Elle est également utilisée pour calculer la taille du lot économique permettant d'optimiser les coûts de stockage et les coûts de lancement du lot (changement de série).

Pour une production sur une machine de temps de cycle TC (calée sur une consommation moyenne 1/TC), la taille du lot économique est donnée par la formule suivante :

Lot économique = √ (2 x Cls / TC x u x i)

avec :

  • Cls = coût de lancement d'une série (€)
  • TC = temps de cycle (unité de temps)
  • u = valeur moyenne d'une unité d'en-cours (€)
  • i = taux de possession du stock (€/€/unité de temps)

L'application de cette formule implique la constitution de stocks (produits finis) et d’en-cours de production. Elle va cependant à l'encontre d'un des principes du lean qui vise à réduire au maximum le niveau des stocks, ce qui explique qu'elle est aujourd'hui beaucoup décriée.

C'est ainsi que R. Colin (« Produire juste-à-temps en petites séries ») préconise de porter le taux de possession à 40-50% alors qu’il est plutôt évalué à 15-35% par les entreprises, ceci pour prendre en compte les coûts induits et non chiffrés par les surstocks.
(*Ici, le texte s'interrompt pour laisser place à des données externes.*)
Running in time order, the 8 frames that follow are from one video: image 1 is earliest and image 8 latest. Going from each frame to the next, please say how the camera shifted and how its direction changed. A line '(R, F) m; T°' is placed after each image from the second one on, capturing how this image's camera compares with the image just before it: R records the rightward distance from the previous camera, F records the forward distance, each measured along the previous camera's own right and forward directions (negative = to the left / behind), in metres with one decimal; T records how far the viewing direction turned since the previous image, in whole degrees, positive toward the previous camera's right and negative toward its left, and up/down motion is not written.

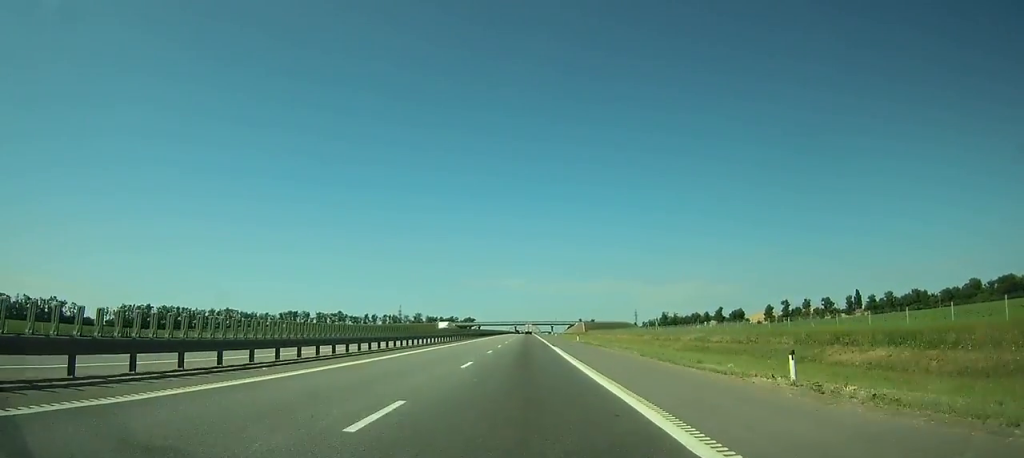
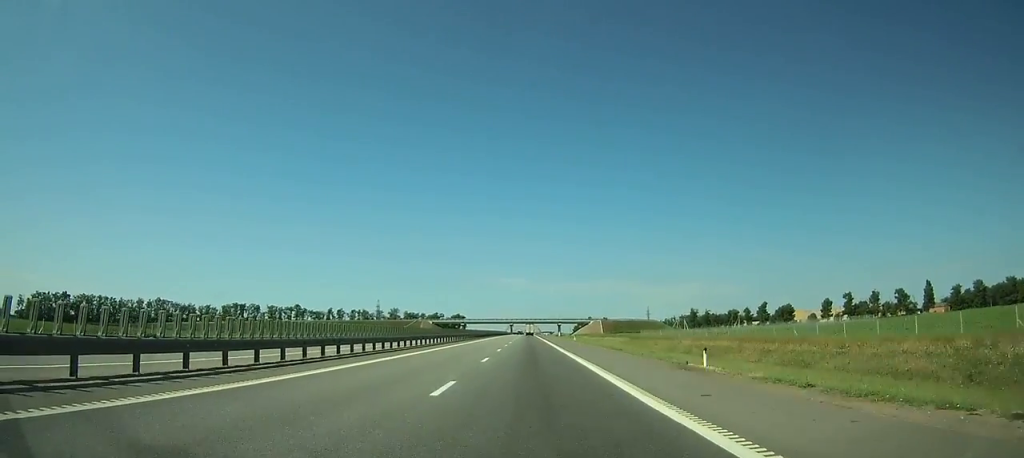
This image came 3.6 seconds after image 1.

Cela revient donc à réduire de 20 à 30% le résultat fourni par la formule de Wilson (la courbe du coût de gestion total montre la particularité d’être plate dans la région autour de l’optimum : ainsi une réduction de 20 à 30% de la quantité économique ne représente une augmentation de coût que de 1 à 2%).

Eliyahu Goldratt va plus loin dans son best-seller "Le but" et suggère de diviser les tailles de lot par 2, voir plus, sur les ressources non-goulot (voir gestion de production selon la théorie des contraintes) afin de réduire les stocks et accélérer les flux. Contrairement aux hypothèses prises par Wilson, E. Goldratt estime que l'augmentation des temps de changement de série est sans impact sur les coûts dans la mesure où ils concernent des ressources non-goulot, utilisés en sous-capacité par rapport à la demande ("une heure gagnée sur un non-goulot est un leurre").